# Opinions on an ATV Trailer



## BobUrban (Oct 27, 2014)

Looking at this Yutrax - any opinions?  What are you all using to tow around behind a quad?


----------



## redmule (Oct 27, 2014)

BobUrban said:


> Looking at this Yutrax - any opinions?  What are you all using to tow around behind a quad?


Heres mine


----------



## JRHAWK9 (Oct 27, 2014)

I ended up buying a Polar ATV trailer with the optional side extensions.  I looked at that one but IIRC, it doesn't have wheel bearings but bushings.  That was a deal breaker for me.

They also offer it with walking arms if you want it setup that way.


----------



## BobUrban (Oct 27, 2014)

yea - the no bearings thing I don't like but the fatty tires and walking arms make it attractive  just trying for some opinions/suggestions.  I appreciate the input.


----------



## JRHAWK9 (Oct 27, 2014)

if you want walking arms.  It has more volume and weight capacity.

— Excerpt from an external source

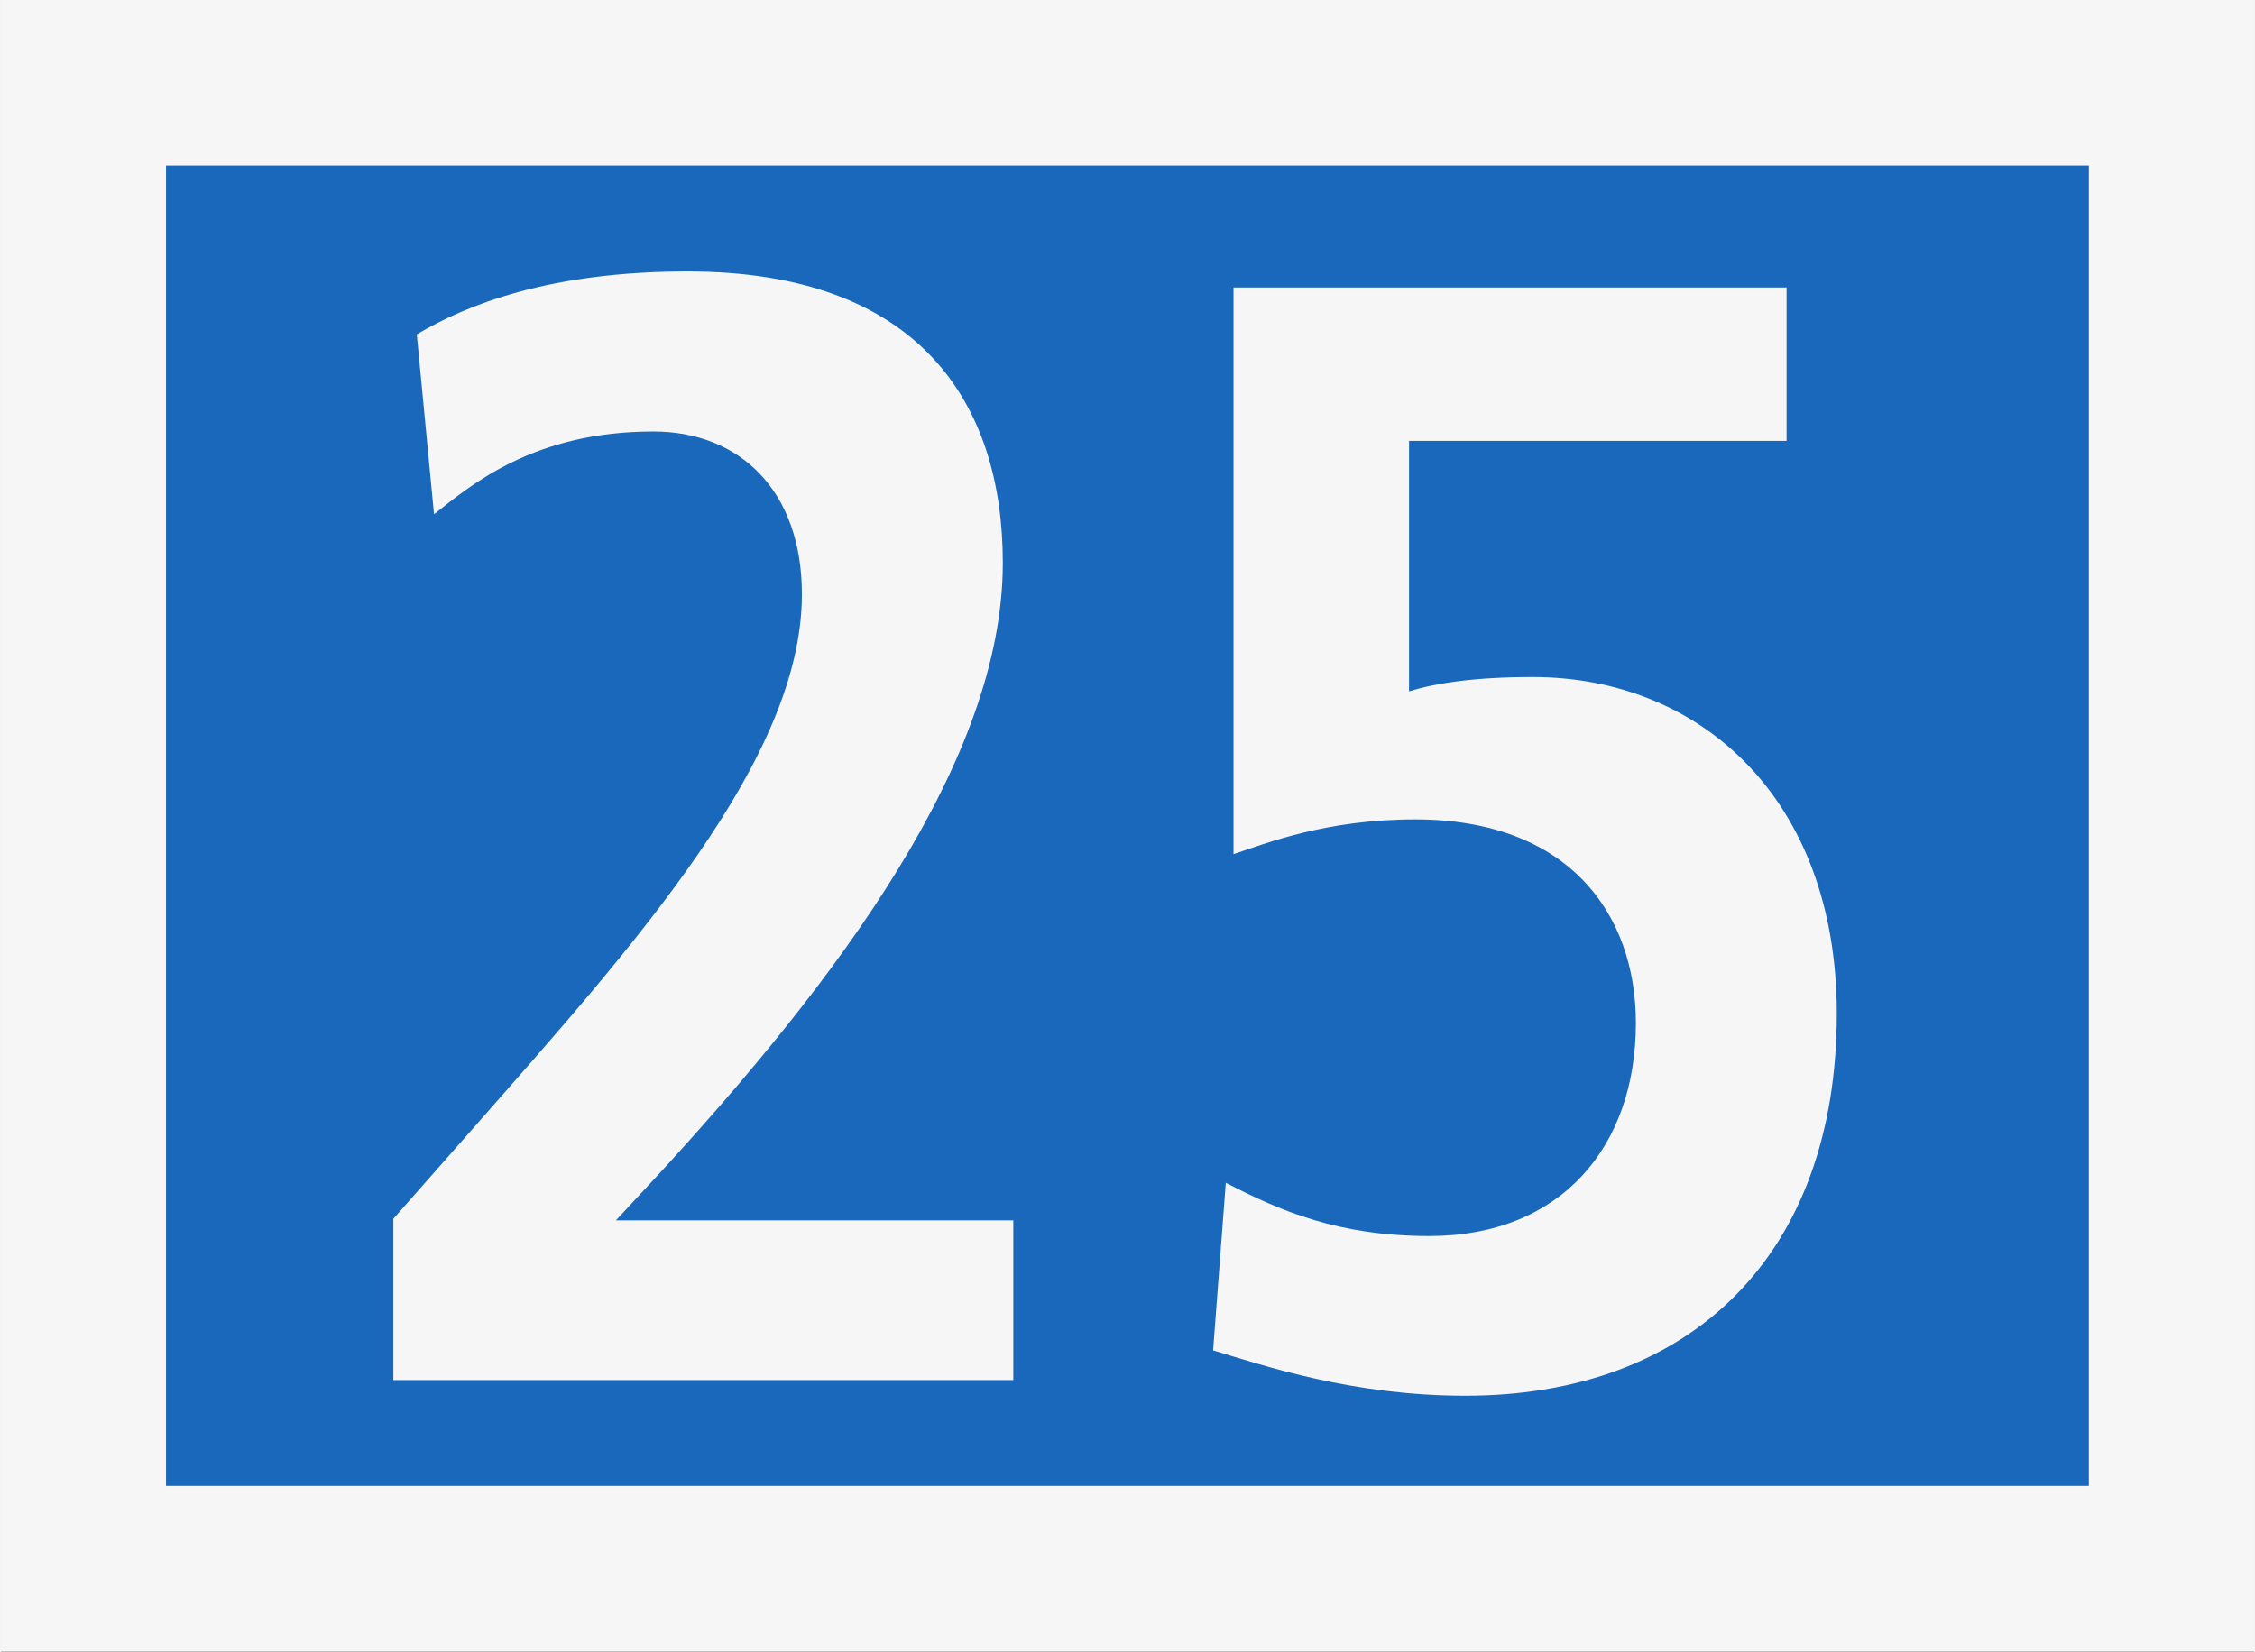 <?xml version="1.0" encoding="UTF-8"?>
<svg width="14.4mm" height="10.55mm" version="1.1" viewBox="0 0 54.42 39.9" xml:space="preserve" xmlns="http://www.w3.org/2000/svg"><rect x="0" y="0" width="54.42" height="39.9" fill="#333333" stroke="none"/><g transform="matrix(1.333 0 0 -1.333 -.062 39.95)"><rect transform="scale(1,-1)" x="1.538" y="-28.47" width="37.84" height="26.93" fill="#1a68bb" fill-rule="evenodd" stroke="#f6f6f6" stroke-dashoffset="1200" stroke-linecap="round" stroke-width="3.002" style="paint-order:markers stroke fill"/><g transform="scale(1,-1)" fill="#f6f6f6" stroke-width=".75" aria-label="25"><path d="m7.158-4.959h11.232v-2.894h-7.2l0.71-0.766c3.32-3.601 6.3-7.581 6.3-11.151 0-2.89-1.51-5.28-5.71-5.28-2.495 0-3.999 0.6-4.907 1.14l0.312 3.26c0.681-0.54 1.816-1.5 3.975-1.5 1.56 0 2.69 1.07 2.69 2.95 0 2.98-3.03 6.35-5.927 9.644l-1.475 1.674z"/><path d="m22.38-24.76v10.27c0.6-0.2 1.68-0.63 3.29-0.63 2.78 0 4 1.71 4 3.69 0 2.243-1.36 3.861-3.74 3.861-1.65 0-2.7-0.454-3.69-0.965l-0.23 3.036c0.94 0.284 2.53 0.823 4.57 0.823 4.09 0 6.73-2.554 6.73-6.925 0-3.89-2.47-6.1-5.51-6.1-1.05 0-1.76 0.11-2.24 0.26v-4.54h6.84v-2.78z"/></g></g></svg>

http://www.northerntool.com/shop/tools/product_200311375_200311375


----------



## jebatty (Oct 28, 2014)

Take at look at this at Northern Tool, search "farm trailer."


----------



## jeff_t (Oct 28, 2014)

This is mine. I wasn't sure how I would like the tires sticking out on the sides like that, but I've come to really like it. It is wide, but the big tires just slide off trees in the woods. It is also very stable. I like the ball hitch vs a pin, and it has wheel bearings. I thought about attaching some side boards somehow, but it holds enough for my almost 30 year old Big Bear.




I got it at TSC about six years ago. Haven't seen one ethere since, and I couldn't find it on Swisher's website.


----------



## j7art2 (Oct 28, 2014)

I tow this behind my quad for wood gathering and hauling with homemade sides from pallets.

http://www.harborfreight.com/870-lb...ailer-with-8-inch-wheels-and-tires-42708.html

and I use this one for towing my dirt bikes, quad, etc behind the truck, or if I need to move something REALLY big with the quad.

http://www.harborfreight.com/1090-l...-12-inch-four-lug-wheels-and-tires-90153.html

Both are phenomenal for the price. A few buddies of mine have HF trailers, and they've lasted years and years. And yes, you can use your 20% off coupon on them. I got my small one for $159, and large one for $189.


----------



## golfandwoodnut (Oct 28, 2014)

I got an ohio steel from on place on ebay that gets northern steel shipping rejects for cheap.  Here is a link to the one I got for $100.
http://www.northerntool.com/shop/to...ci_sku=14216&gclid=CM24v4OL0MECFUkF7AodLRAAUA


----------



## bassJAM (Oct 28, 2014)

I like the idea of the walking beam type trailers for any technical trail riding.  For most people, I think a typical single axle trailer is more than enough though.


----------



## JRHAWK9 (Oct 28, 2014)

Here's my Polar loaded with mostly Oak and Black Locust.


----------



## WiscWoody (Oct 28, 2014)

JRHAWK9 said:


> Here's my Polar loaded with mostly Oak and Black Locust.
> 
> View attachment 142684
> View attachment 142685
> View attachment 142686


I use a polar with side extensions also. They dump and swivel and the new models have tandem axles that follow the ground for a smooth ride. Plus the weight capacity of Polars are impressive. Mine is rated at 1500 pounds.


----------



## JRHAWK9 (Oct 28, 2014)

WiscWoody said:


> I use a polar with side extensions also. They dump and swivel and the new models have tandem axles that follow the ground for a smooth ride. Plus the weight capacity of Polars are impressive. Mine is rated at 1500 pounds.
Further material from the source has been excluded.